These are hard-earned abstractions that they then sometimes choose to publish in a book, in a text- or video-essay, in a Twitter thread, etc. — the length depending on how much context they feel is needed for the principle to be useful to the reader.
What novice readers then do is take these general principles that often assume the form of single sentences or aphorisms, and try to expand them and apply them in their daily life — without having the necessary detail needed to contextualise the said principle and adjust it to their own context.
The thing that we often don’t really grok is the fundamental complexity that is inherent at every step of observation and abstraction.

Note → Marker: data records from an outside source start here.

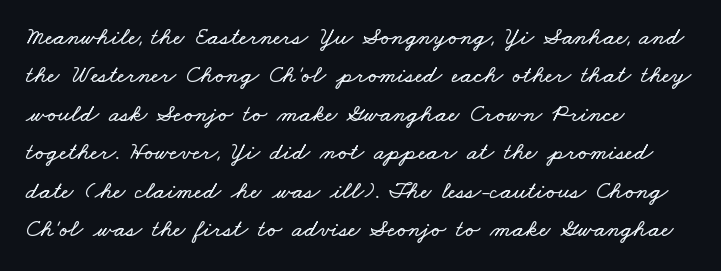
The image shows 25 px text type; set left-aligned, normal line spacing (1.54x), normal letter spacing, not underlined.
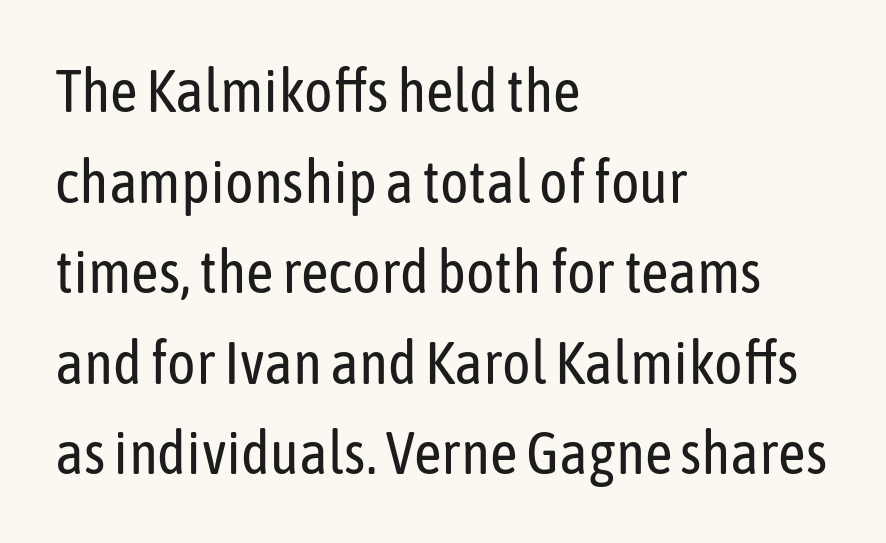
Q: Is the text bold? A: No.
Q: Is the text italic (slanted)? A: No, it is upright.
Q: Is the typeface a serif or a sans-serif typeface? A: Sans-serif.
Q: Is the text underlined? A: No.
Q: How is the paragraph aligned? A: Left-aligned.
Q: Is the spacing between letters normal or unusually wide? A: Normal.
Q: Is the spacing between lines tight, normal or loose? A: Normal.
Q: Width (condensed, normal, or wide)? A: Condensed.
Q: Stroke contrast? A: Low.
Q: x-height? A: Medium.
Q: Monospaced? A: No.

It’s easy to see a light bulb and explain its working as, “It’s just electricity flowing through a tungsten filament that resists the flow of current enough for its energy to be dissipated as light and heat.”

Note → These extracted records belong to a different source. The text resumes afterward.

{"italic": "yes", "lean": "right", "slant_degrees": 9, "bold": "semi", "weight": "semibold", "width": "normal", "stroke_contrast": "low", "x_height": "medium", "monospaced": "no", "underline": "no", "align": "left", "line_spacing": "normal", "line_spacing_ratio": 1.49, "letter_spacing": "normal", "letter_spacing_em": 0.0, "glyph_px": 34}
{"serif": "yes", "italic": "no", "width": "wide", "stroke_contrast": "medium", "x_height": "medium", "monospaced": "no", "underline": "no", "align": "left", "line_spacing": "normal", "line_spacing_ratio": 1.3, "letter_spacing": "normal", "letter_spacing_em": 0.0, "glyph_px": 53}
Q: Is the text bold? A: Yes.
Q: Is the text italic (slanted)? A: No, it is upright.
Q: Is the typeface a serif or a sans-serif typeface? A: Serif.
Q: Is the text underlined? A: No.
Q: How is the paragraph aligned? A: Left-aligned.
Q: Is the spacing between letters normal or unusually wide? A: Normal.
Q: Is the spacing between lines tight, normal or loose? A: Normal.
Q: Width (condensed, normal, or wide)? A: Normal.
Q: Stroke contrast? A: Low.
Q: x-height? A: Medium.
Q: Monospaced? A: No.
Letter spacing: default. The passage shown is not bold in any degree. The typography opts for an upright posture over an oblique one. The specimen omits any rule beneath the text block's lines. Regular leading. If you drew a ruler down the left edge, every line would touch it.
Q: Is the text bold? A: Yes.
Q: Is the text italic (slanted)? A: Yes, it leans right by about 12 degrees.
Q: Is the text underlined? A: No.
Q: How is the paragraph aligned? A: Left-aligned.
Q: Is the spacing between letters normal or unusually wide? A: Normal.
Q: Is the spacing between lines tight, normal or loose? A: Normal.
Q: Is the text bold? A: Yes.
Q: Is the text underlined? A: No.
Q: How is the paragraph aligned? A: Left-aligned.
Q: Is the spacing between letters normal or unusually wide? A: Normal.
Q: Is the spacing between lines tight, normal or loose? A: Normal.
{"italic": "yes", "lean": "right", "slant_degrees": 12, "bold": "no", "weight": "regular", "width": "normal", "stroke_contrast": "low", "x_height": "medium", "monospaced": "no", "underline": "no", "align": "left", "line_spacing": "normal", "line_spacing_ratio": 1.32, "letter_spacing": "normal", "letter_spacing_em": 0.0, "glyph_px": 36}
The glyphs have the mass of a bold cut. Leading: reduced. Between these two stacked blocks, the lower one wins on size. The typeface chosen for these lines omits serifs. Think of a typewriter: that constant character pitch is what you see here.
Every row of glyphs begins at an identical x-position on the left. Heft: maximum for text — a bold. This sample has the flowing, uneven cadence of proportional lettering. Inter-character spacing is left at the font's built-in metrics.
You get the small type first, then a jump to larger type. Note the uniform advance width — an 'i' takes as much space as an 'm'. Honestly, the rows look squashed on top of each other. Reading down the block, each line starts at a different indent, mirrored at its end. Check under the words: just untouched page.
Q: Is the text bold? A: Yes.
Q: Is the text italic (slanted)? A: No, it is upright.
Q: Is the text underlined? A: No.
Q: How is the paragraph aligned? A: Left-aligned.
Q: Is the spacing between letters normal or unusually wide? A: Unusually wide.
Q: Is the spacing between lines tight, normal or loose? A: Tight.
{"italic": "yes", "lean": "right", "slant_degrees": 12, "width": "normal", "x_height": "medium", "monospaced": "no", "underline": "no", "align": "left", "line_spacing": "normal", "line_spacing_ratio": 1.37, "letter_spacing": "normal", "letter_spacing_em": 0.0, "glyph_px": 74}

However, change the scale of observation you’re questioning at and you’ll realize that understanding the physics behind how a light bulb works is a totally different question than trying to make a real light bulb yourself.

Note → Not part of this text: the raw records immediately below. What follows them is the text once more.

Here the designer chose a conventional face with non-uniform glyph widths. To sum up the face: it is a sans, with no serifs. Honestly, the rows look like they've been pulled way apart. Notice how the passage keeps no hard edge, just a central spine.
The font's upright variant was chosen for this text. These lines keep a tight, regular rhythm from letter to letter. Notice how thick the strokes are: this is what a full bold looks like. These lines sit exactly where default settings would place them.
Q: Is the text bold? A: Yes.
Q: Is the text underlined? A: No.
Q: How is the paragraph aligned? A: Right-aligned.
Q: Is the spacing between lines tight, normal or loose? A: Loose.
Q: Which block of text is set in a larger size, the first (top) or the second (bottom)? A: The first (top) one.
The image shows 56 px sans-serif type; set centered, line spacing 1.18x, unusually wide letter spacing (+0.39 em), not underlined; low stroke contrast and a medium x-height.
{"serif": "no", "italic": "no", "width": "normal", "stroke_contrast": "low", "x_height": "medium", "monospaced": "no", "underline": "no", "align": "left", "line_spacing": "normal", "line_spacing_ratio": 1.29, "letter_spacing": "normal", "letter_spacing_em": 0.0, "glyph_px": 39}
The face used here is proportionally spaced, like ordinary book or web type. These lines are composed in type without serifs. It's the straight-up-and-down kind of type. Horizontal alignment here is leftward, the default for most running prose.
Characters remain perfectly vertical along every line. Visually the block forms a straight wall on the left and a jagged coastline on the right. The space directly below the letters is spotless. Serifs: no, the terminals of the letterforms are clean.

It’s a different pandora’s box you will be opening. You will have to learn a tonne of process knowledge, how glass moulding works, how thick the filament should be, what should its material constitution should be, how do you design the base for the light bulb, how do you seal it with argon gas… there are simply too many details involved when it comes to making a light bulb.
And notice that you aren’t even inventing the light bulb, you’re simply following an existing playbook on how to make one!
Change the scale of questioning even further to “How do I make light bulbs at scale?” and this is a whole another set of details around manufacturing setups, engineering processes and best-practices, packaging, logistics…
Now don’t get me wrong: the point isn’t that abstractions or generalised principles are bad or useless.
Just consider what a smartphone application is. What is an app?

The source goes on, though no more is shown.